*WHAT THE TASK ASKS*: Repeat verbatim, and only, the lines of the data below, beginning at the line that contains "09 Sizung vom 1. August 1879." and stopping after the line that contains "Bahngesellschaft geschehe.".
+++ RECORD EXTRACTS
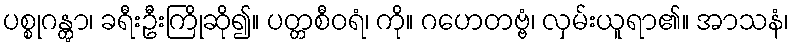
ပစ္စုဂန္တွာ၊ ခရီးဦးကြိုဆို၍။ ပတ္တစီဝရံ၊ ကို။ ဂဟေတဗ္ဗံ၊ လှမ်းယူရာ၏။ အာသနံ၊
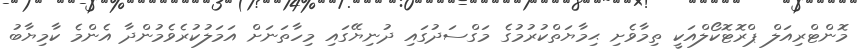
މޮންޓްރިއަލް ޕްރޮޓޮކޯލްއަކީ ތިމާވެށި ޙިމާޔަތްކުރުމުގެ މަގްސަދުގައި ދުނިޔޭގައި މިހާތަނަށް އަމަލުކުރެވެމުންދާ އެންމެ ކާމިޔާބު
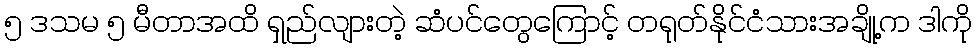
၅ ဒသမ ၅ မီတာအထိ ရှည်လျားတဲ့ ဆံပင်တွေကြောင့် တရုတ်နိုင်ငံသားအချို့က ဒါကို
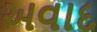
અવાદ
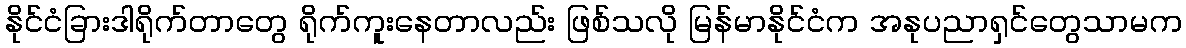
နိုင်ငံခြားဒါရိုက်တာတွေ ရိုက်ကူးနေတာလည်း ဖြစ်သလို မြန်မာနိုင်ငံက အနုပညာရှင်တွေသာမက
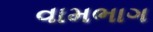
વામભાગ
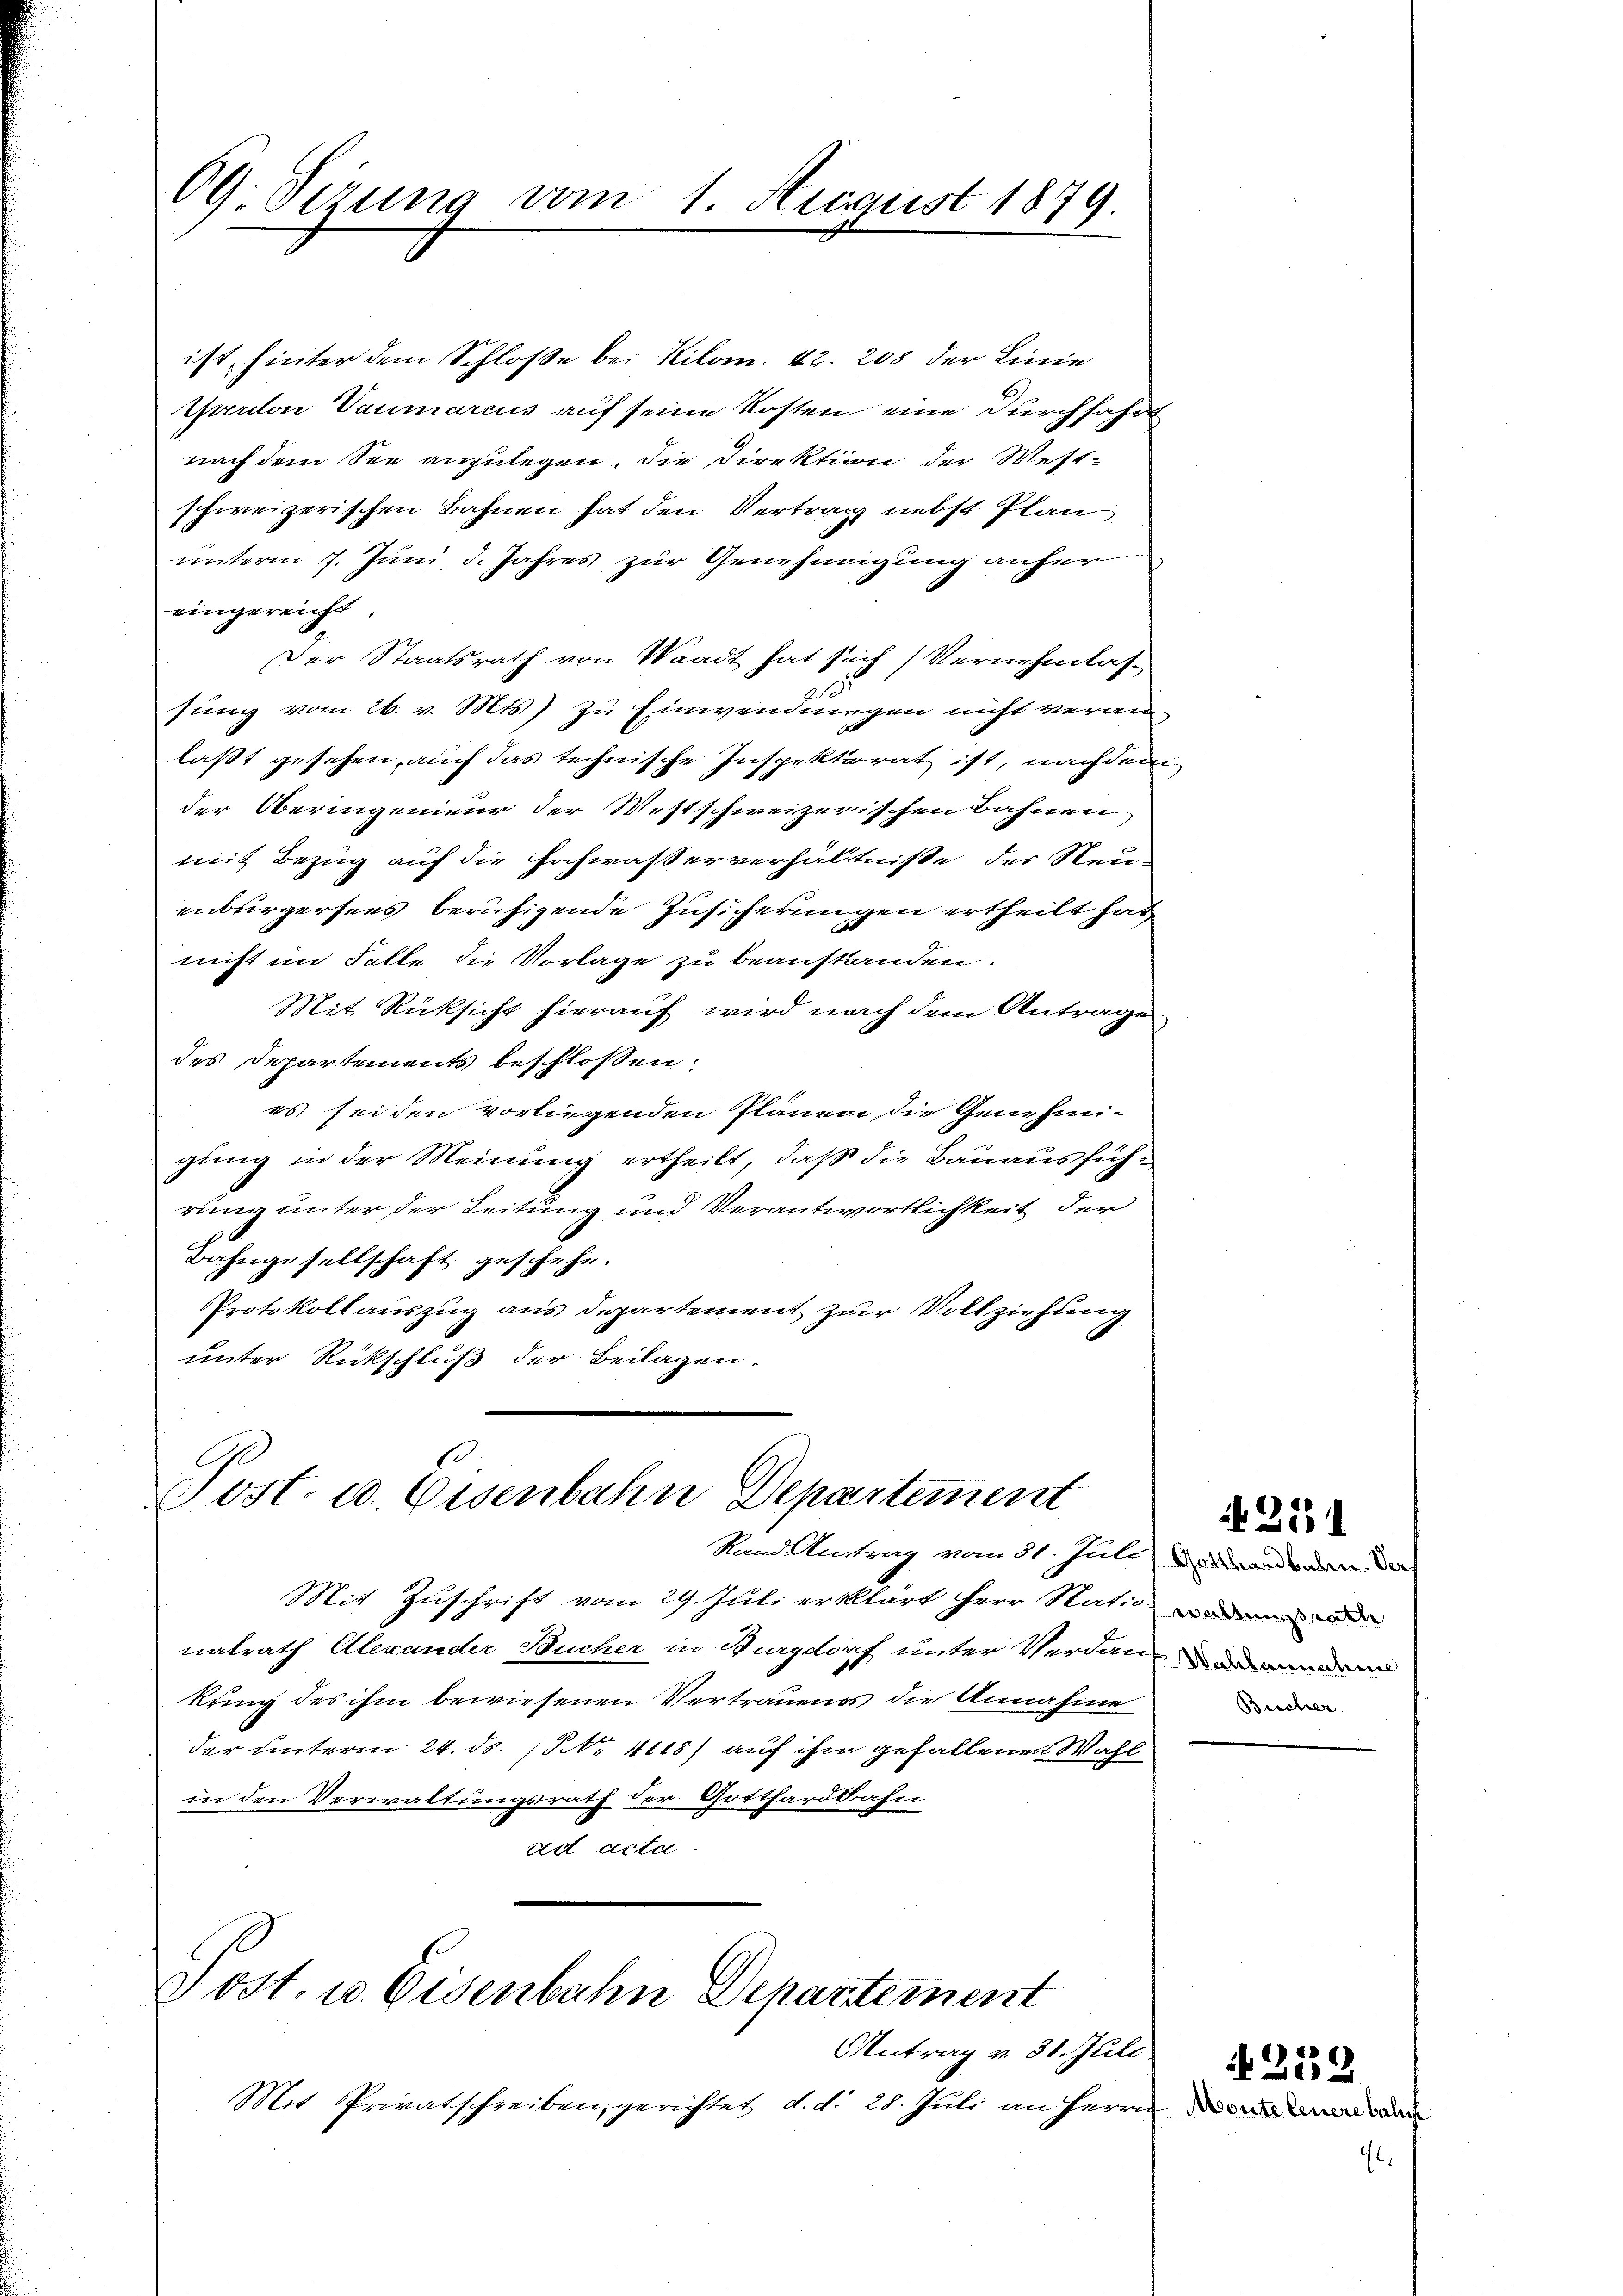
09 Sizung vom 1. August 1879.

ist, hinter dem Schloße bei Kilom. 42. 208 der Linie
Eperdon Vaumarcus auf seine Kosten eine Durchfahrt
nach dem See anzulegen, die Direktion der Westschweizerischen Bahnen hat den Vertrag nebst Plan
unterm 7. Juni d. Jahres zur Genehmigung anher
eingereicht
Der Staatsrath von Waadt hat sich Vernehmlas¬
1
sung vom 26. v. Mts) zu Einwendungen nicht veranlaßt gesehen, auch das technische Inspektorat ist, nachdem
der Oberingenieur der Westschweizerischen Bahnen
mit Bezug auf die Hochwasserverhältnisse der Steu-
enburgersees beruhigende Zusicherungen ertheilt hat
nicht im Falle die Vorlage zu beanstanden.
Mit Rücksicht hierauf wird nach dem Antrage
des Departements beschlossen:
es sei den vorliegenden Plänen die Genehmi-
gung in der Meinung ertheilt, daß die Bauausführung unter der Leitung und Verantwortlichkeit der
Bahngesellschaft geschehe.
Protokollauszug aus Departement zur Vollziehung
unter Rückschluß der Beilagen.

Post. u. Eisenbahn Departement
Stand Antrag vom 31. Juli) Gotthardbahn. Der

Mit Zuschrift vom 29. Juli erklärt Herr Nation dem
natrath Alexander Bucher in Burgdorf unter Verdankung des ihm bewiesenen Vertrauens die Annafine
der unterm 24. ds. 1. 4118) auf ihm gefallenen Wahl
in den Verwaltungsrath der Gotthardbahn
ad acta

Post. u. Eisenbahn Departement
Antrag v. 31 Juli

Mit Privatschreiben gerichtet, d. d. 28. Juli an Herrn

Brecher

425

252
f Monte feuere bal
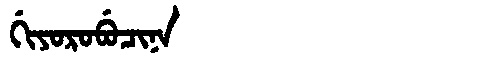
Manchu: ᡤᡳᠶᠣᡵᠣᠪᡠᠴᡳᠨᠠ
Romanization: GIYOROBUCINA
++++++
*OUTPUT*:
09 Sizung vom 1. August 1879.

ist, hinter dem Schloße bei Kilom. 42. 208 der Linie
Eperdon Vaumarcus auf seine Kosten eine Durchfahrt
nach dem See anzulegen, die Direktion der Westschweizerischen Bahnen hat den Vertrag nebst Plan
unterm 7. Juni d. Jahres zur Genehmigung anher
eingereicht
Der Staatsrath von Waadt hat sich Vernehmlas¬
1
sung vom 26. v. Mts) zu Einwendungen nicht veranlaßt gesehen, auch das technische Inspektorat ist, nachdem
der Oberingenieur der Westschweizerischen Bahnen
mit Bezug auf die Hochwasserverhältnisse der Steu-
enburgersees beruhigende Zusicherungen ertheilt hat
nicht im Falle die Vorlage zu beanstanden.
Mit Rücksicht hierauf wird nach dem Antrage
des Departements beschlossen:
es sei den vorliegenden Plänen die Genehmi-
gung in der Meinung ertheilt, daß die Bauausführung unter der Leitung und Verantwortlichkeit der
Bahngesellschaft geschehe.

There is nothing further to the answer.